Erwin Strittmatter (* 14. August 1912 in Spremberg; † 31. Januar 1994 in Schulzenhof bei Dollgow) war ein sorbisch-deutscher Schriftsteller, der auf Deutsch schrieb. Er gehört zu den bekanntesten Schriftstellern der DDR.

Inhaltsverzeichnis

Leben

Erwin-Strittmatter-Gymnasium Spremberg.jpg
Wohnhaus in Senftenberg

Seine Kindheit verbrachte Strittmatter in Bohsdorf nahe Spremberg in der Niederlausitz, wo seine Eltern einen Krämerladen und eine Bäckerei betrieben. Von 1924 bis 1930 besuchte er das Reform-Realgymnasium in Spremberg.

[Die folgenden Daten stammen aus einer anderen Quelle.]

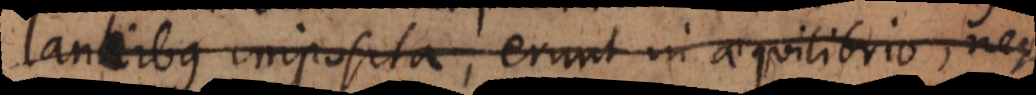
lancibus imposita, erunt in aequilibrio, neque
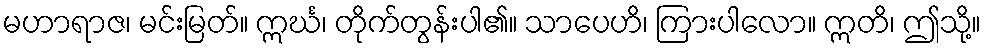
မဟာရာဇ၊ မင်းမြတ်။ ဣင်္ဃ၊ တိုက်တွန်းပါ၏။ သာပေဟိ၊ ကြားပါလော။ ဣတိ၊ ဤသို့။
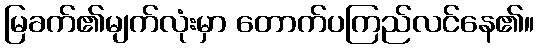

Im „Laden“ kann man sein Heimatdorf und Spremberg, bezeichnet als sorbisches Grodk, als Ort der Handlung wiederfinden.

Nach seiner Bäckerlehre war er als Bäckergeselle, Kellner, Hilfsarbeiter und Tierpfleger tätig.

Geprägt durch seine Familie und sein soziales Umfeld, schloss sich Strittmatter noch vor der Zeit des Nationalsozialismus der SPD an.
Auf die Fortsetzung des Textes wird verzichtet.